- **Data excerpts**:
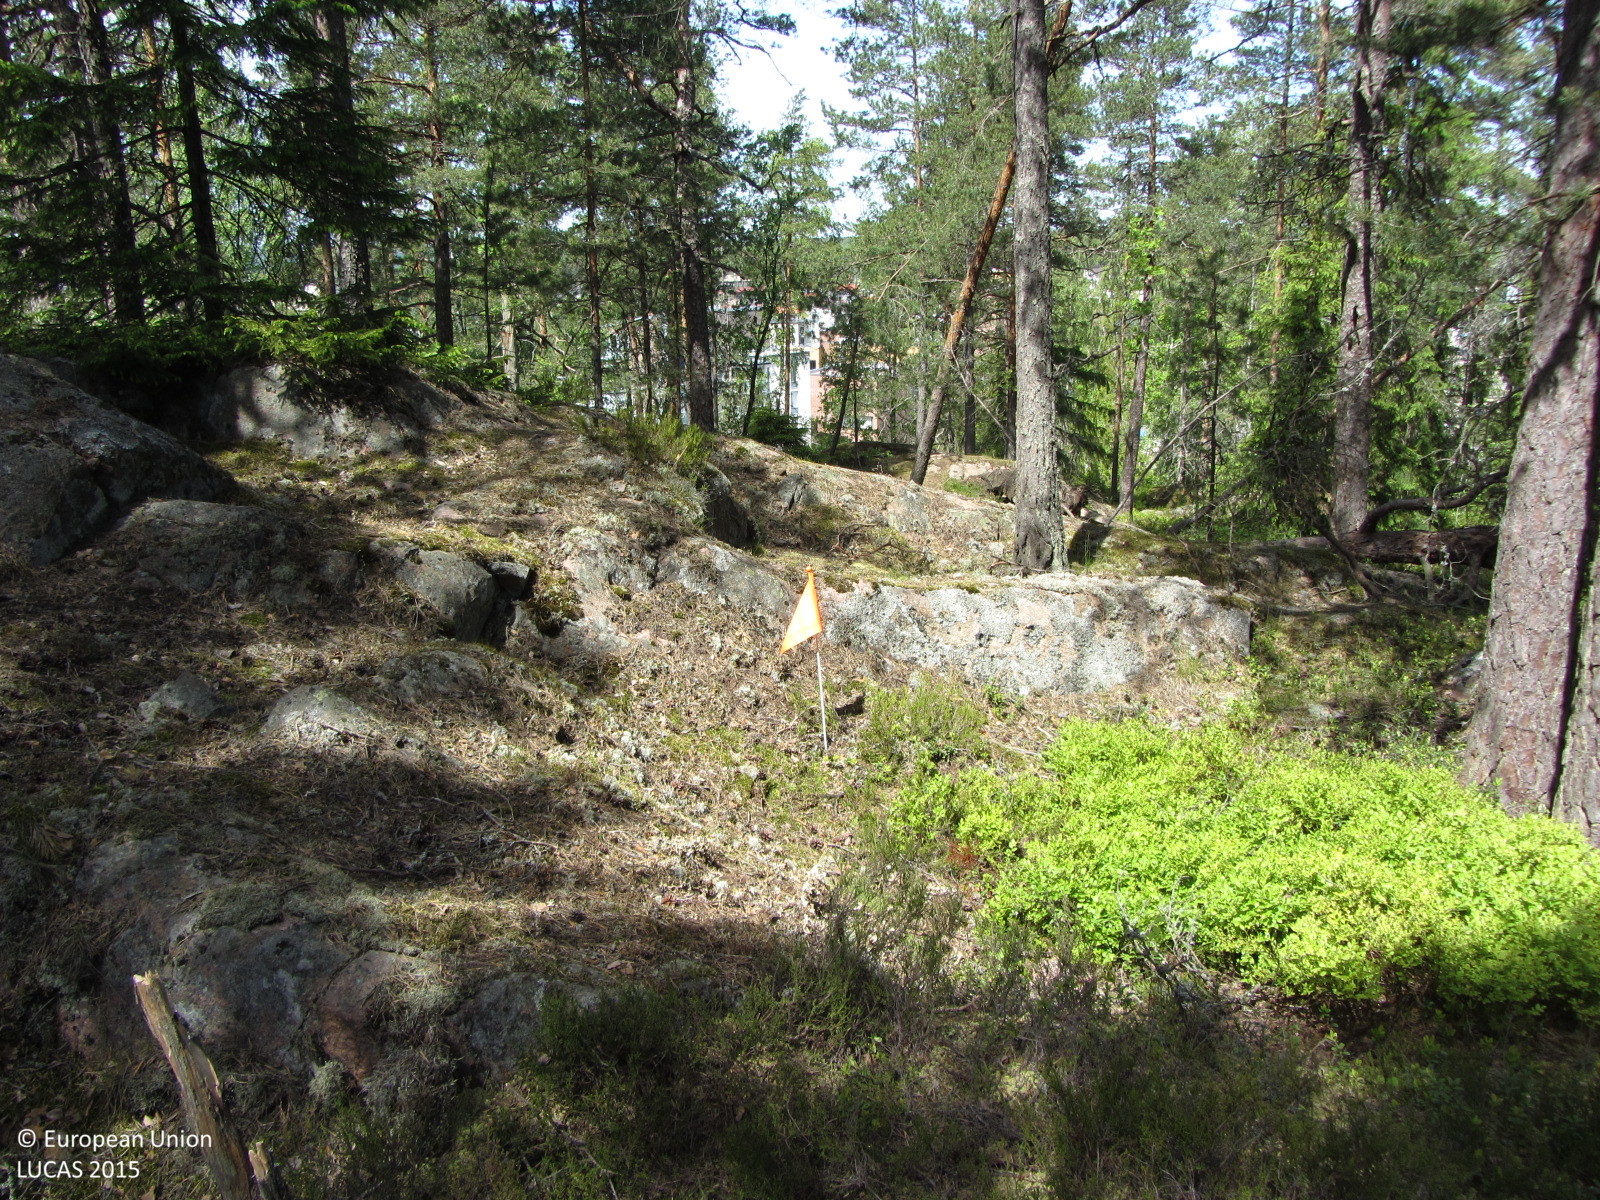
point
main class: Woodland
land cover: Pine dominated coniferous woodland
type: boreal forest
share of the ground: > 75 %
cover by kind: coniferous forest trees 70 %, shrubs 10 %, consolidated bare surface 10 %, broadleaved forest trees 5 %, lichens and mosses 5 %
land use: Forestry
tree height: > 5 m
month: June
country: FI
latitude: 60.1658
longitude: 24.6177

- **What is required**:
All of the entries above need to be repeated exactly, minus the pictures.

- **Exercise solution**:
point
main class: Woodland
land cover: Pine dominated coniferous woodland
type: boreal forest
share of the ground: > 75 %
cover by kind: coniferous forest trees 70 %, shrubs 10 %, consolidated bare surface 10 %, broadleaved forest trees 5 %, lichens and mosses 5 %
land use: Forestry
tree height: > 5 m
month: June
country: FI
latitude: 60.1658
longitude: 24.6177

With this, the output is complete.